DIGITAL LIBRARY
OPERATIONALIZING THE ZONE OF PROXIMAL DEVELOPMENT IN FOREIGN LANGUAGE WRITING INSTRUCTION
Prefectural University of Kumamoto (JAPAN)
About this paper:
Appears in: INTED2020 Proceedings
Publication year: 2020
Pages: 5389-5392
ISBN: 978-84-09-17939-8
ISSN: 2340-1079
doi: 10.21125/inted.2020.1454
Conference name: 14th International Technology, Education and Development Conference
Dates: 2-4 March, 2020
Location: Valencia, Spain
Abstract:
“If we don’t look, we won’t see.” That is the title of an Adlof & Hogan (2019) paper, in which they point out that oral language skills set the stage for the development of reading and writing skills in children, and therefore that evaluating oral skills regularly is an effective way of predicting later literacy development. Although Adlof & Hogan’s research is conducted within a different theoretical framework, their words are reminiscent of the Vygotskian concept of the “buds” of development (e.g., Bozhovich, 2009), according to which instructors should look at indicators of future development rather than just focusing on currently possessed knowledge or individual, unaided performance. This paper suggests that foreign/second/additional language (henceforth, FL) instruction should pay greater attention to this idea, focusing especially on writing instruction.

To elaborate on this notion, the paper reviews previous research in FL writing instruction. We begin with the seminal work in the sociocultural tradition of Aljaafreh and Lantolf (1994), which suggests employing Vygotsky’s notion of the zone of proximal development (ZPD; e.g., Vygotsky, 1978) to conceptualize assistance to learners and their responses to that assistance. In an effort to help individual writers correct errors made in their compositions, they suggest a framework of five stages of regulation (from other-regulation to self-regulation), to which 12 levels of assistance are mapped. The general idea is that learners requiring lower levels of assistance with a particular error display higher levels of self-regulation and are therefore more advanced in their understanding of the linguistic feature in question. Aljaafreh and Lantolf’s paper established a trend that is still visible today: an emphasis on microgenetic research where the focus is on changes that occur over the space of a few days or weeks (or sometimes even shorter periods of time). Such an emphasis allows us to observe language learning as it happens, rather than taking snapshots at intervals of multiple months or years and seeing only the results of learning. The key insight of such an approach is that students’ unaided output is not the only indicator of development; instead, we can observe learners making the same errors in “worse” or “better” ways, i.e. requiring more or less assistance to put them right. Errors made in “better” ways are likely to be eliminated from the learner’s output at a later time.

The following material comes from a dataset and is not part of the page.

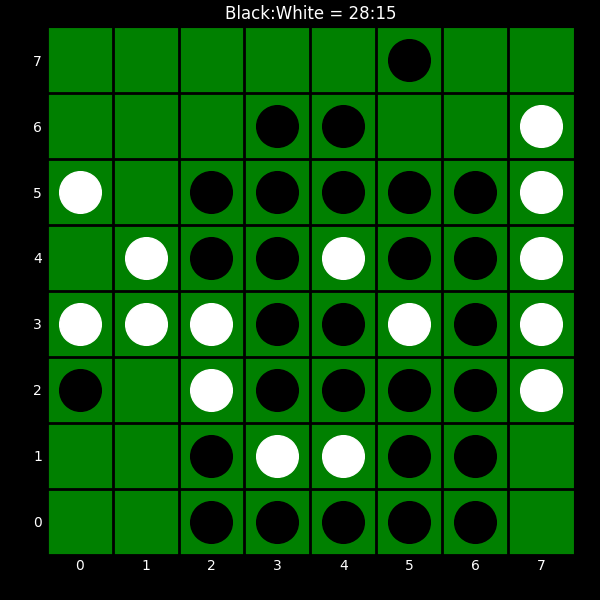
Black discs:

The remainder of the paper fleshes out a proposal for how to clarify the notions of the ZPD and movement through it (i.e. learning) metaphorically, and then how to quantify that change in cases where clear signs of learning are required. This includes an examination of the notions of imitation and internalization and a suggestion that consciously employing these notions may allow us to answer Bruton’s (2009) call for a greater focus on language expansion, something that is sometimes not addressed in a sufficiently systematic way in process approaches to writing (Emig, 1967, 1971). The suggestion is that, just as oral language skills “lead” the development of literacy, skills such as transcription and dictogloss (Wajnryb, 1990) may lead the development of independent writing skills and that this development can be best captured in the proposed framework.
Keywords:
Zone of proximal development, English as a foreign language, writing instruction.